··· Records provided

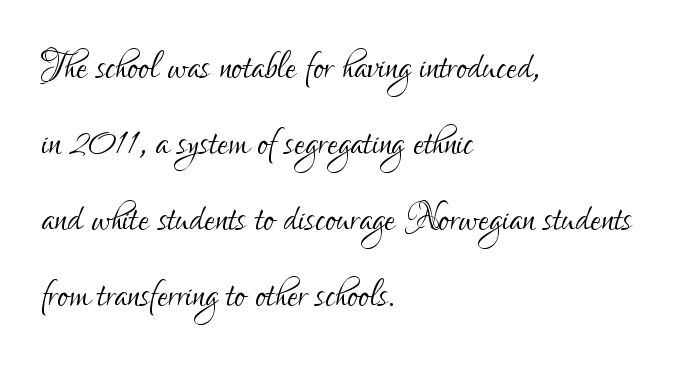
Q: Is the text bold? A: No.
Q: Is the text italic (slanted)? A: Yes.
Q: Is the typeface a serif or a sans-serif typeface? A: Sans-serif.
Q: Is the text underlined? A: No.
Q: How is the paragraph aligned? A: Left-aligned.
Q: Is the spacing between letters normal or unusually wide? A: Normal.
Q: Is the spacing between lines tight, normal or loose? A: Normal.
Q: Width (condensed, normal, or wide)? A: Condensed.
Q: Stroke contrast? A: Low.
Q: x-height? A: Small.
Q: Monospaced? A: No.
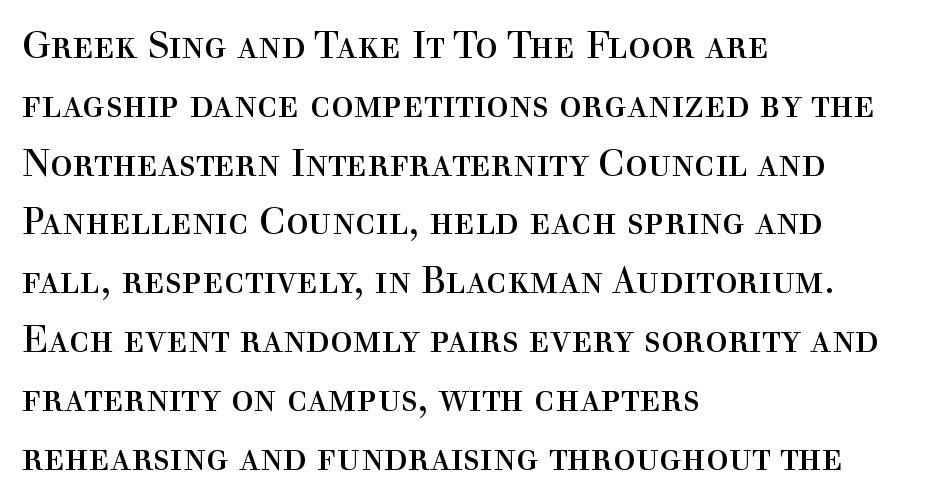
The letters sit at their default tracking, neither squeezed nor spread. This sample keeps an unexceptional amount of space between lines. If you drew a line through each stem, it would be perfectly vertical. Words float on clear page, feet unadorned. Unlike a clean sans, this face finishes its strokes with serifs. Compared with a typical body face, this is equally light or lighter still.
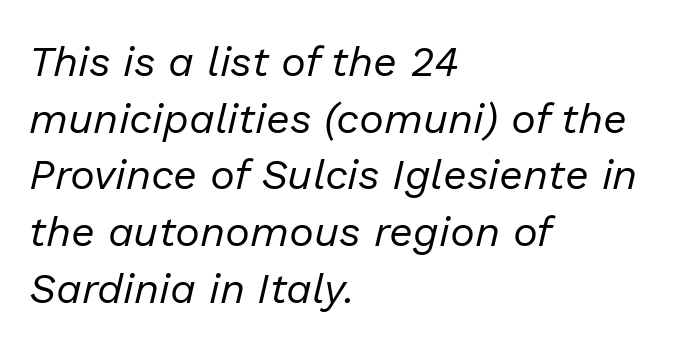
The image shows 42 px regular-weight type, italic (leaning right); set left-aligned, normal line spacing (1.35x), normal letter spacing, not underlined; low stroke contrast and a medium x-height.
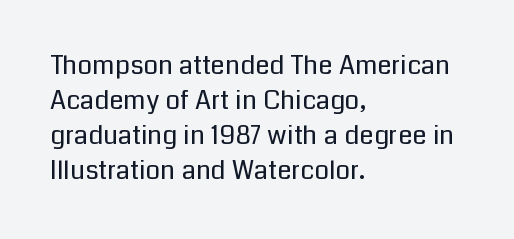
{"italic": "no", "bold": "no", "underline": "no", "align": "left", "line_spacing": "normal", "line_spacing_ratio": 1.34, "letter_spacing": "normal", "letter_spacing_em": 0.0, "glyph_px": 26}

······

Work to complete:
All entries need to be duplicated exactly, apart from the images.

Finished exercise:
Q: Is the text bold? A: No.
Q: Is the text italic (slanted)? A: Yes.
Q: Is the typeface a serif or a sans-serif typeface? A: Sans-serif.
Q: Is the text underlined? A: No.
Q: How is the paragraph aligned? A: Left-aligned.
Q: Is the spacing between letters normal or unusually wide? A: Normal.
Q: Is the spacing between lines tight, normal or loose? A: Normal.
Q: Width (condensed, normal, or wide)? A: Condensed.
Q: Stroke contrast? A: Low.
Q: x-height? A: Small.
Q: Monospaced? A: No.
The letters sit at their default tracking, neither squeezed nor spread. This sample keeps an unexceptional amount of space between lines. If you drew a line through each stem, it would be perfectly vertical. Words float on clear page, feet unadorned. Unlike a clean sans, this face finishes its strokes with serifs. Compared with a typical body face, this is equally light or lighter still.
The image shows 42 px regular-weight type, italic (leaning right); set left-aligned, normal line spacing (1.35x), normal letter spacing, not underlined; low stroke contrast and a medium x-height.
{"italic": "no", "bold": "no", "underline": "no", "align": "left", "line_spacing": "normal", "line_spacing_ratio": 1.34, "letter_spacing": "normal", "letter_spacing_em": 0.0, "glyph_px": 26}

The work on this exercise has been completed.